### What is needed
Transcribe the full listing below, word for word, without pictures.

### Data records
=== Section Start ===

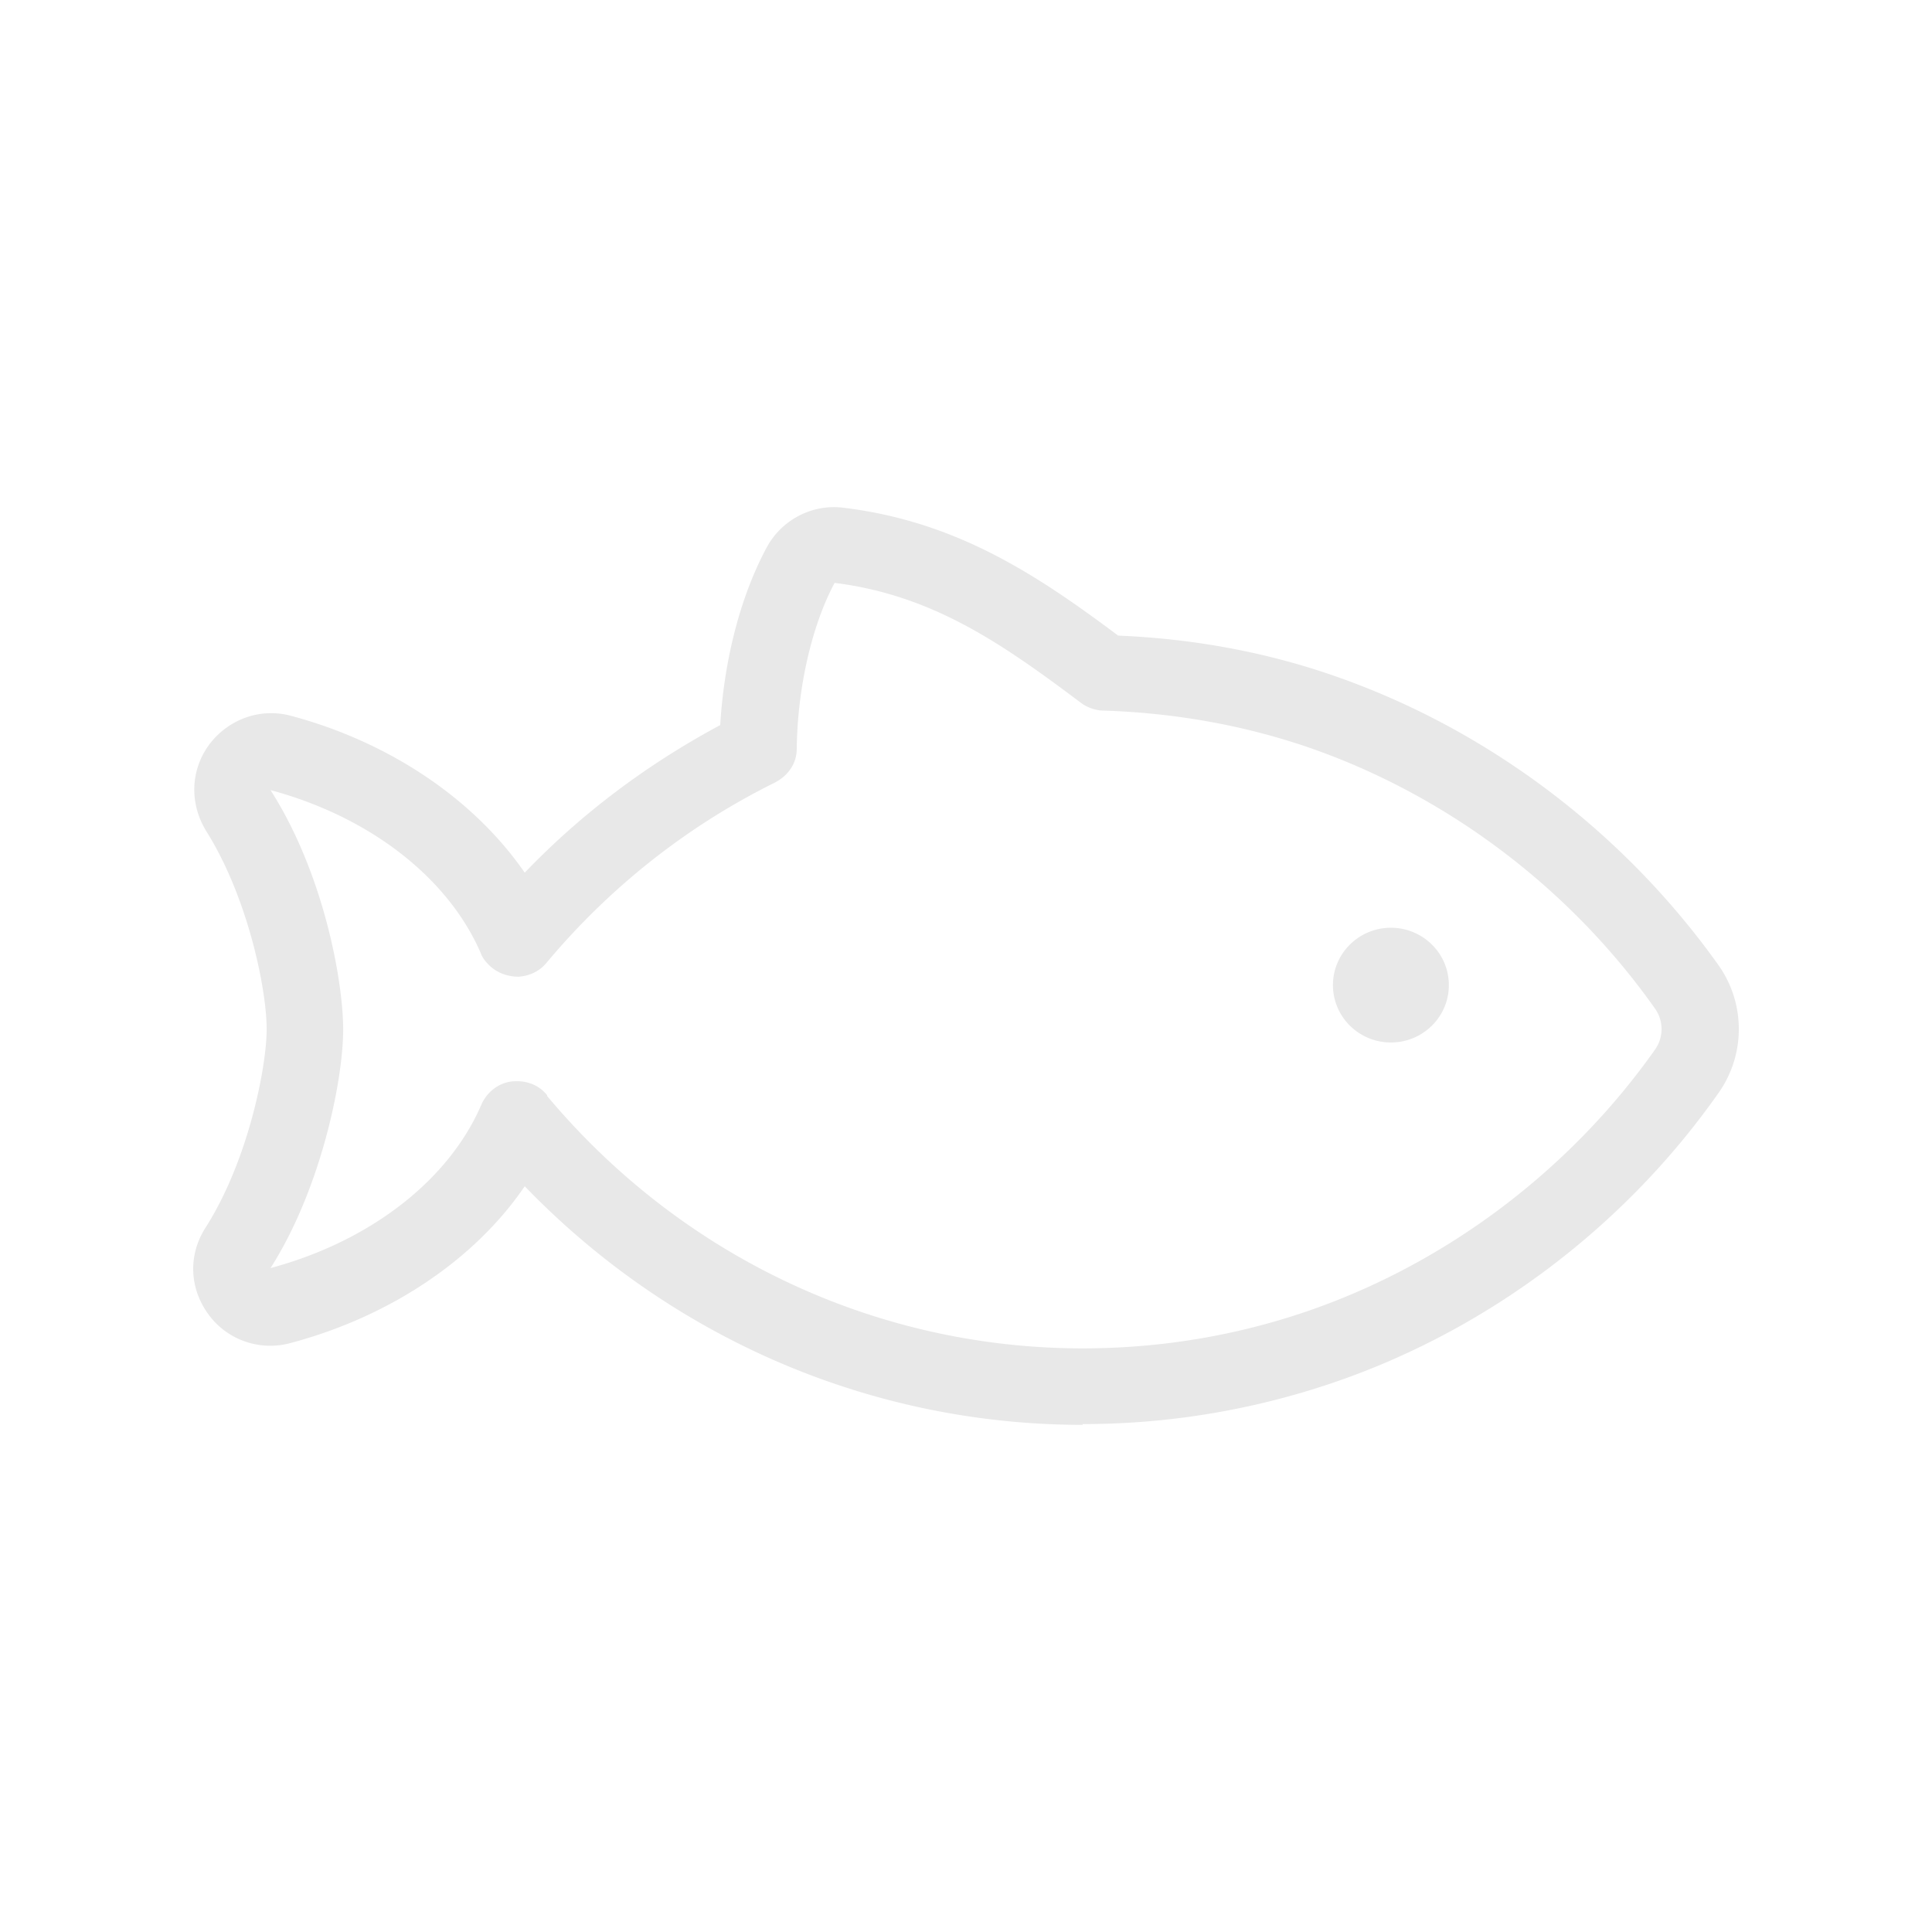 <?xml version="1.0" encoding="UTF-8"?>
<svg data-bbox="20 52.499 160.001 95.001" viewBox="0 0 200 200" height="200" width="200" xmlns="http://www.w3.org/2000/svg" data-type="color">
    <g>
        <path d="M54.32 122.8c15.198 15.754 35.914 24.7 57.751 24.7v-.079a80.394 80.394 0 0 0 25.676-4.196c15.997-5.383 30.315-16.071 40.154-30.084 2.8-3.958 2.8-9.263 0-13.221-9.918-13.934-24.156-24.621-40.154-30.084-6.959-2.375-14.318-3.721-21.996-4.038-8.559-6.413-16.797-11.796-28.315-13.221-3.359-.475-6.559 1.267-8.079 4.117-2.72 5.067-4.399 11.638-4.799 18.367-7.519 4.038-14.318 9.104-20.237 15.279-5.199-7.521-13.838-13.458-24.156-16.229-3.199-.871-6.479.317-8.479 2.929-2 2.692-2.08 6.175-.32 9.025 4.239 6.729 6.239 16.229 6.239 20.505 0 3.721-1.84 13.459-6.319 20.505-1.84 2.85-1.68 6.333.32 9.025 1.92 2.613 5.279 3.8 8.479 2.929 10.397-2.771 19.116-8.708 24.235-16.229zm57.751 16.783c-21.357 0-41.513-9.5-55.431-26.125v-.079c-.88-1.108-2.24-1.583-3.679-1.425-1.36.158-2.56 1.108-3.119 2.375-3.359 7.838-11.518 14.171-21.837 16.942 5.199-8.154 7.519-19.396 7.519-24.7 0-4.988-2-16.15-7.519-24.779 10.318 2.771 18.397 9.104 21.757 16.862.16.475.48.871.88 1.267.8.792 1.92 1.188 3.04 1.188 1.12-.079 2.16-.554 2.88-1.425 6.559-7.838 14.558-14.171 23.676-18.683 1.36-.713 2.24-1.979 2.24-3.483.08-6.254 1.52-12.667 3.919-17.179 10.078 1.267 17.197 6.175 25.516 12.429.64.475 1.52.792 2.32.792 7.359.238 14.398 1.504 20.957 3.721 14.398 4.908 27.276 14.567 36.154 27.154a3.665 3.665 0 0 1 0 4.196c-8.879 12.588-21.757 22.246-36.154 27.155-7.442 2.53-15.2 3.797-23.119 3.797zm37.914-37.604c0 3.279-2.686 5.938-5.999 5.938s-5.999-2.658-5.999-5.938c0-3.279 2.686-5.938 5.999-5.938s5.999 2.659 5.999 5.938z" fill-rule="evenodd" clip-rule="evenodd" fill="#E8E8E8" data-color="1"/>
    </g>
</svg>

=== Section End ===

### Written response
 <?xml version="1.0" encoding="UTF-8"?>
<svg data-bbox="20 52.499 160.001 95.001" viewBox="0 0 200 200" height="200" width="200" xmlns="http://www.w3.org/2000/svg" data-type="color">
    <g>
        <path d="M54.32 122.8c15.198 15.754 35.914 24.7 57.751 24.7v-.079a80.394 80.394 0 0 0 25.676-4.196c15.997-5.383 30.315-16.071 40.154-30.084 2.8-3.958 2.8-9.263 0-13.221-9.918-13.934-24.156-24.621-40.154-30.084-6.959-2.375-14.318-3.721-21.996-4.038-8.559-6.413-16.797-11.796-28.315-13.221-3.359-.475-6.559 1.267-8.079 4.117-2.72 5.067-4.399 11.638-4.799 18.367-7.519 4.038-14.318 9.104-20.237 15.279-5.199-7.521-13.838-13.458-24.156-16.229-3.199-.871-6.479.317-8.479 2.929-2 2.692-2.08 6.175-.32 9.025 4.239 6.729 6.239 16.229 6.239 20.505 0 3.721-1.84 13.459-6.319 20.505-1.84 2.85-1.68 6.333.32 9.025 1.92 2.613 5.279 3.8 8.479 2.929 10.397-2.771 19.116-8.708 24.235-16.229zm57.751 16.783c-21.357 0-41.513-9.5-55.431-26.125v-.079c-.88-1.108-2.24-1.583-3.679-1.425-1.36.158-2.56 1.108-3.119 2.375-3.359 7.838-11.518 14.171-21.837 16.942 5.199-8.154 7.519-19.396 7.519-24.7 0-4.988-2-16.15-7.519-24.779 10.318 2.771 18.397 9.104 21.757 16.862.16.475.48.871.88 1.267.8.792 1.92 1.188 3.04 1.188 1.12-.079 2.16-.554 2.88-1.425 6.559-7.838 14.558-14.171 23.676-18.683 1.36-.713 2.24-1.979 2.24-3.483.08-6.254 1.52-12.667 3.919-17.179 10.078 1.267 17.197 6.175 25.516 12.429.64.475 1.52.792 2.32.792 7.359.238 14.398 1.504 20.957 3.721 14.398 4.908 27.276 14.567 36.154 27.154a3.665 3.665 0 0 1 0 4.196c-8.879 12.588-21.757 22.246-36.154 27.155-7.442 2.53-15.2 3.797-23.119 3.797zm37.914-37.604c0 3.279-2.686 5.938-5.999 5.938s-5.999-2.658-5.999-5.938c0-3.279 2.686-5.938 5.999-5.938s5.999 2.659 5.999 5.938z" fill-rule="evenodd" clip-rule="evenodd" fill="#E8E8E8" data-color="1"/>
    </g>
</svg>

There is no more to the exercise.